| TASK STATEMENT |
Give every line of the material back exactly, images removed.

| MATERIAL PROVIDED |

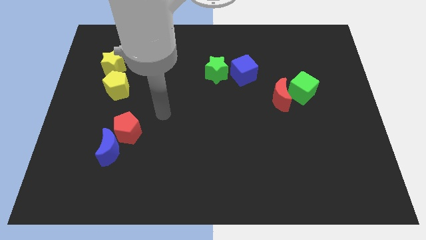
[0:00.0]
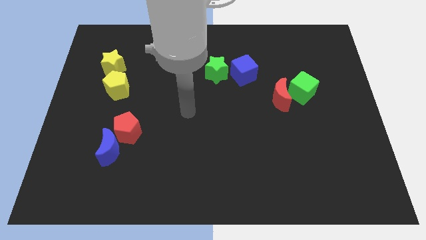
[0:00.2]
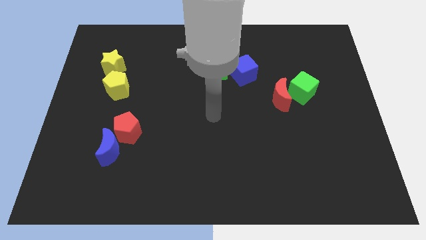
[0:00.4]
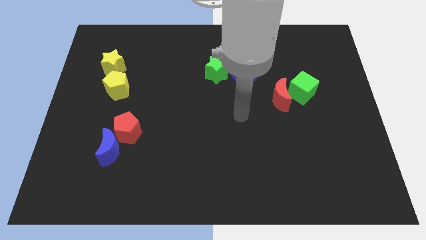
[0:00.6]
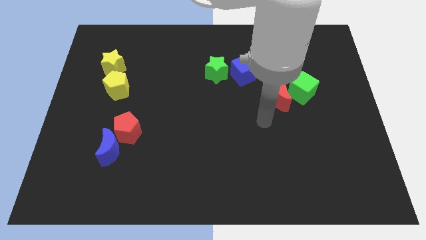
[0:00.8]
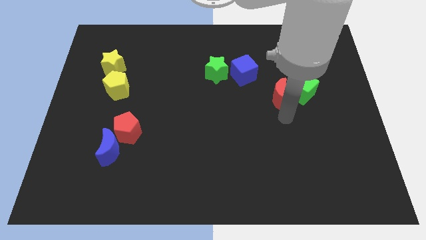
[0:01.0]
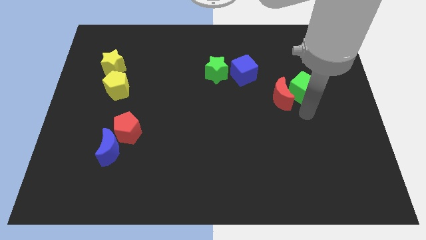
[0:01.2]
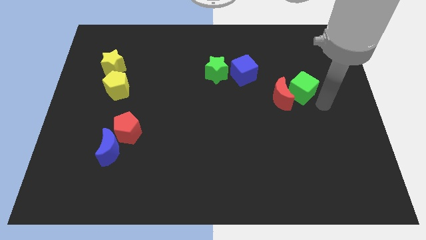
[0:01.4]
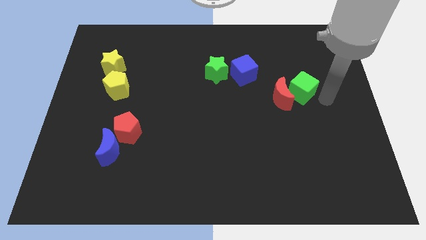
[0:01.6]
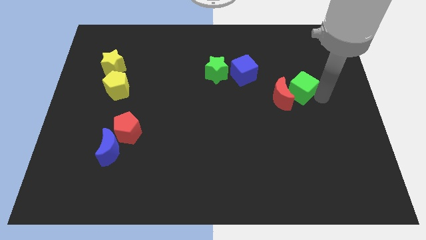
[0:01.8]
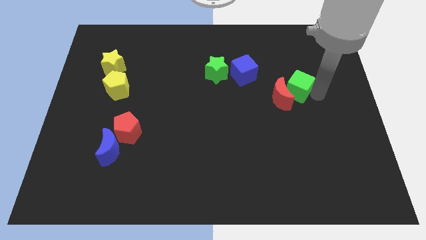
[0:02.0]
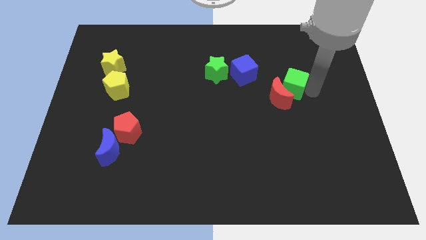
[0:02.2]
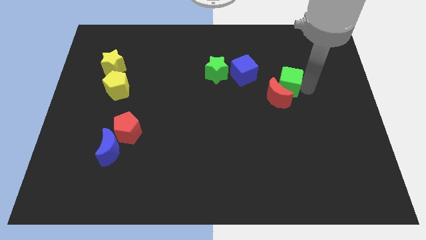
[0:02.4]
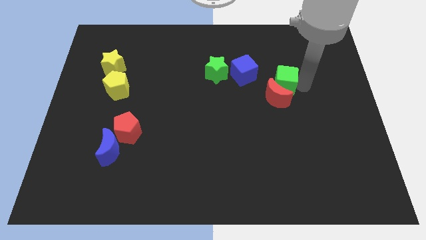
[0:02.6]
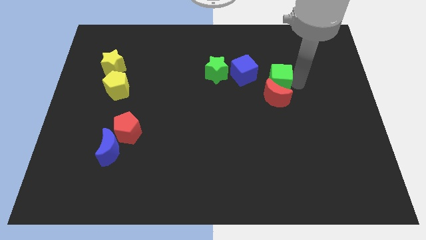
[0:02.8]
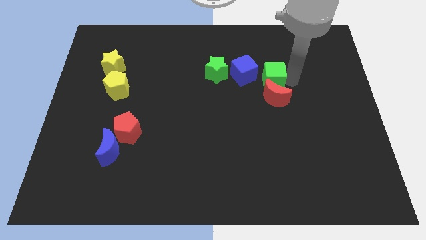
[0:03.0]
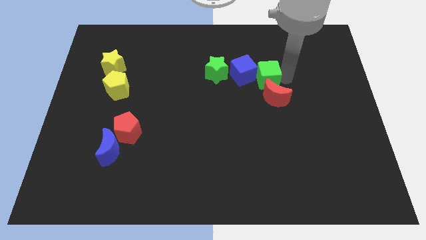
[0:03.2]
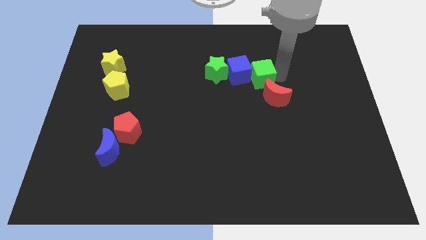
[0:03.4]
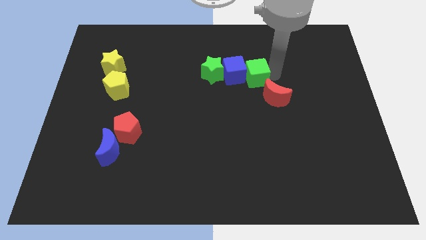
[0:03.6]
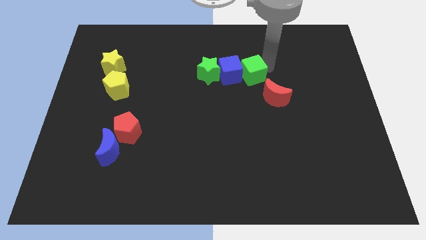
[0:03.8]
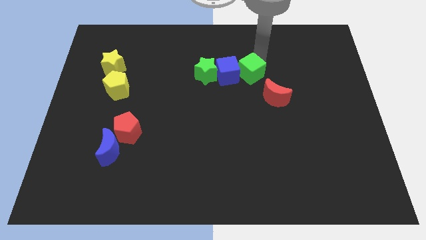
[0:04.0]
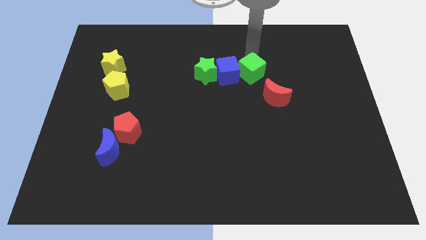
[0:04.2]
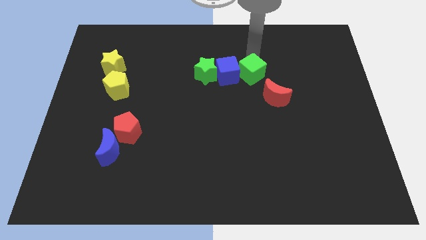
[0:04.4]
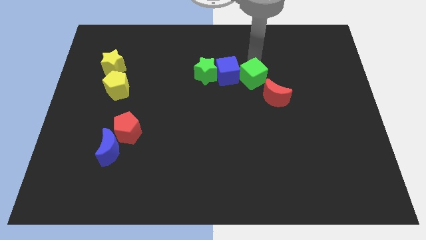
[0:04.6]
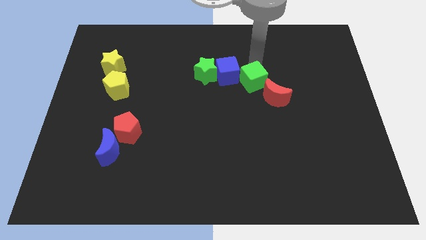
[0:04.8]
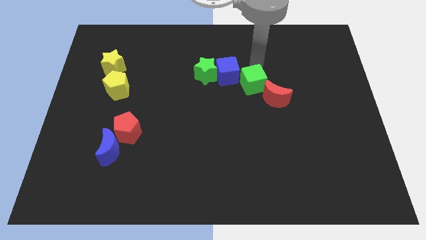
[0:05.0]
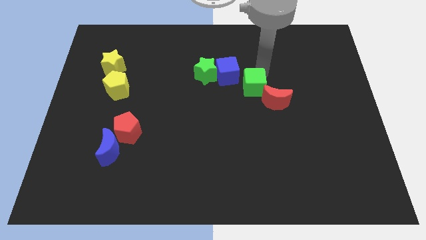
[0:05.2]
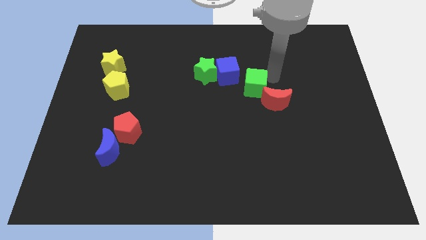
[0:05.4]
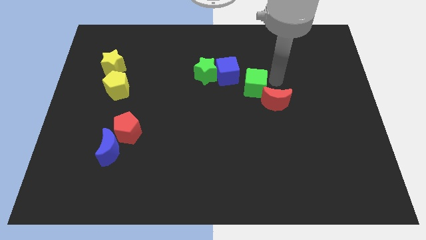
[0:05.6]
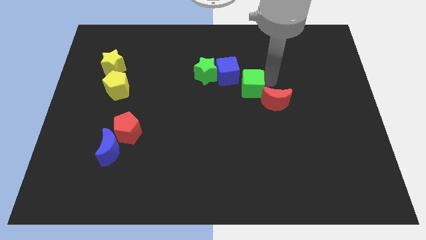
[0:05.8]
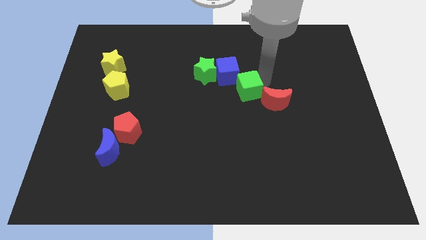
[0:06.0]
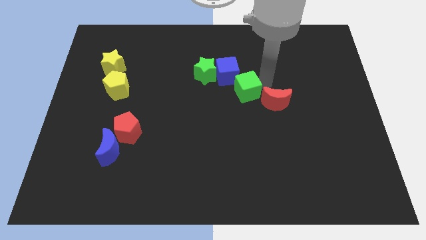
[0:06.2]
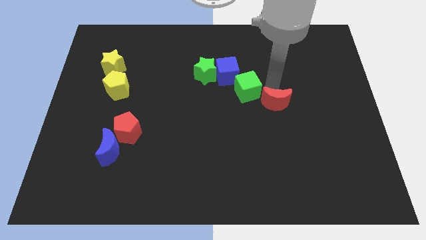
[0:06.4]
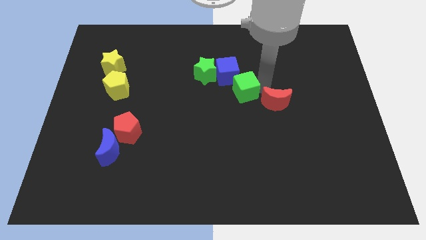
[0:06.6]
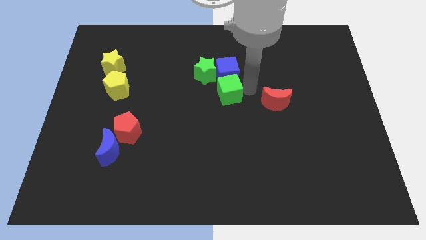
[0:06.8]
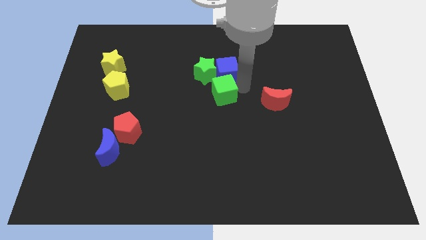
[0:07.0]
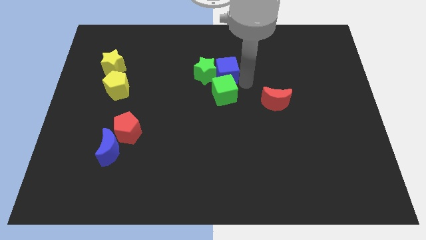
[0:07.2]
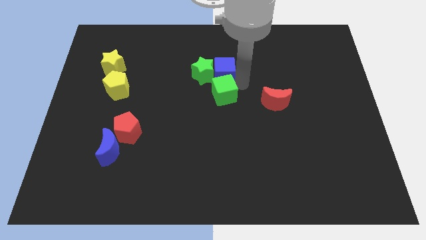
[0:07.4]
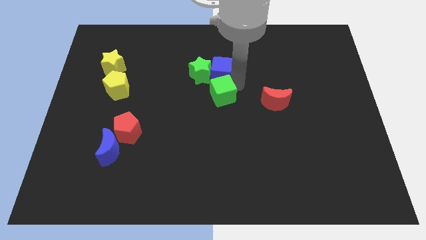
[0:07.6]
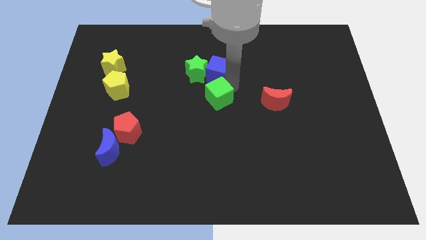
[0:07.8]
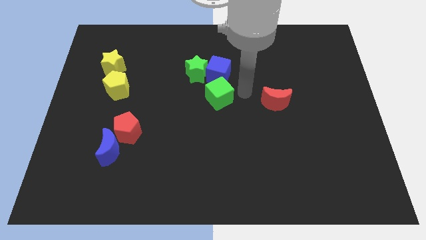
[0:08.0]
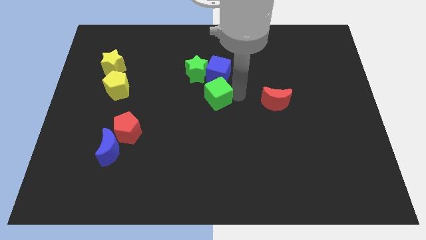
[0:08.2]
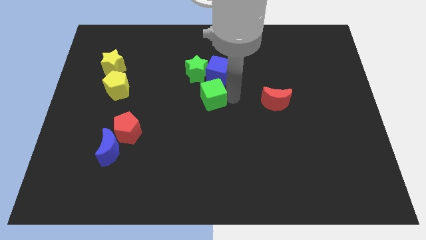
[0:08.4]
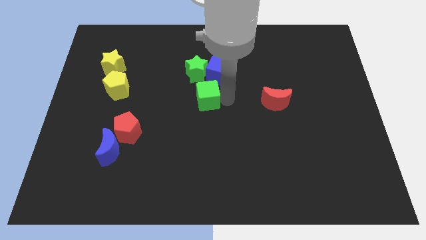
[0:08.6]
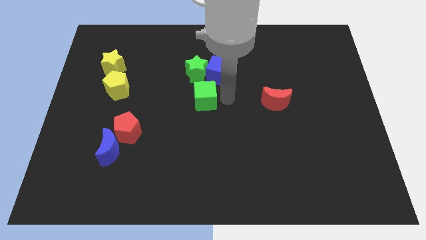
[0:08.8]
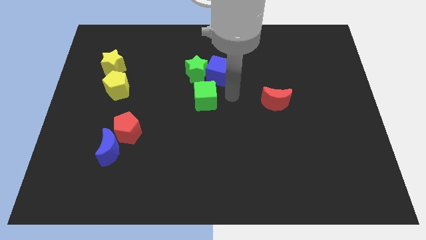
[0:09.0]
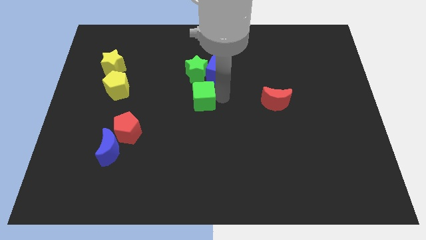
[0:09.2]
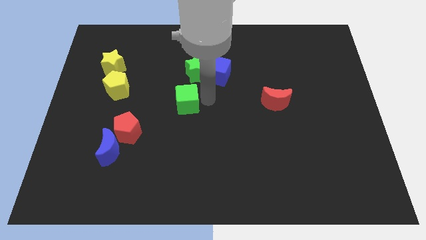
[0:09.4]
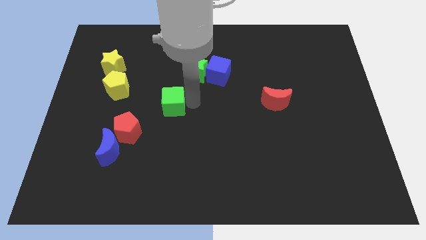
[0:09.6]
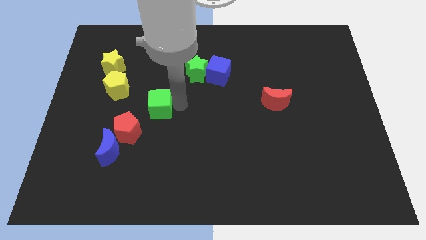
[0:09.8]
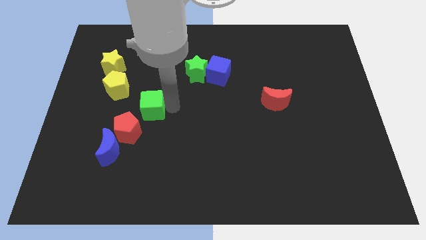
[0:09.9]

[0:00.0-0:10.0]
slide the green cube to the bottom right side of the yellow pentagon

| EXERCISE ANSWER |
[0:00.0]
[0:00.2]
[0:00.4]
[0:00.6]
[0:00.8]
[0:01.0]
[0:01.2]
[0:01.4]
[0:01.6]
[0:01.8]
[0:02.0]
[0:02.2]
[0:02.4]
[0:02.6]
[0:02.8]
[0:03.0]
[0:03.2]
[0:03.4]
[0:03.6]
[0:03.8]
[0:04.0]
[0:04.2]
[0:04.4]
[0:04.6]
[0:04.8]
[0:05.0]
[0:05.2]
[0:05.4]
[0:05.6]
[0:05.8]
[0:06.0]
[0:06.2]
[0:06.4]
[0:06.6]
[0:06.8]
[0:07.0]
[0:07.2]
[0:07.4]
[0:07.6]
[0:07.8]
[0:08.0]
[0:08.2]
[0:08.4]
[0:08.6]
[0:08.8]
[0:09.0]
[0:09.2]
[0:09.4]
[0:09.6]
[0:09.8]
[0:09.9]

[0:00.0-0:10.0]
slide the green cube to the bottom right side of the yellow pentagon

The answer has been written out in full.